Purpose: : Pterygium is an invasive ocular surface disease associated with excessive ultraviolet (UV) exposure. The aims of this investigation were to identify UV activated signaling pathways in pterygium epithelial cells (PEC) that mediate cytokine and growth factor production and to determine whether these pathways could be blocked by anti–inflammatory agents such as retinoic acid (RA) and interferon–alpha (IFN–α).

Methods: : PEC were pre–treated with or without inhibitors of the ERK1/2, JNK, and p38 (PD98059, SB202190, SB203580) mitogen activated protein kinases (MAPK) or with inhibitors of the tyrosine kinase activity of epidermal growth factor receptor (EGFR; PD153035) and platelet derived growth factor (PDGF; AG1295). Cell were then exposed to UVB (20 mJ/cm2) and further treated with the same inhibitors. Conditioned media was harvested and analyzed for interleukin (IL)–6, and IL–8 and vascular endothelial growth factor (VEGF) by ELISA. Cytokine mRNA was assessed by reverse transcription polymerase chain reaction (RT–PCR).

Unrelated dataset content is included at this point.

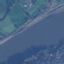
Label: River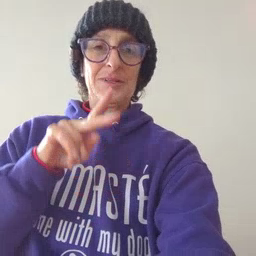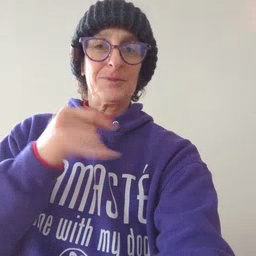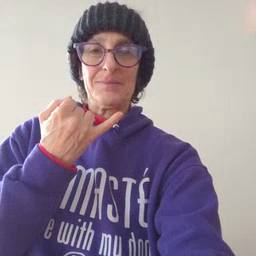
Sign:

Results: : MAPK inhibitors significantly abolished the UVB–mediated increase in IL–6, IL–8, and VEGF. The EGFR inhibitor reduced IL–8, while the PDGFR inhibitor suppressed IL–6, and both inhibitors partially down–regulated VEGF production in UV exposed PEC. RA and IFN–α dose–dependently abrogated IL–6 and IL–8 but had little effect on VEGF.

Conclusions: : Our results have identified a stress induced intracellular pathway and potential cell–surface transmitters that may be relevant to pterygium development. Moreover, we have identified two anti–inflammatory/anti–angiogenic agents that reduced cytokine production in our culture model and may be a therapeutic option worth considering for patients with pterygia.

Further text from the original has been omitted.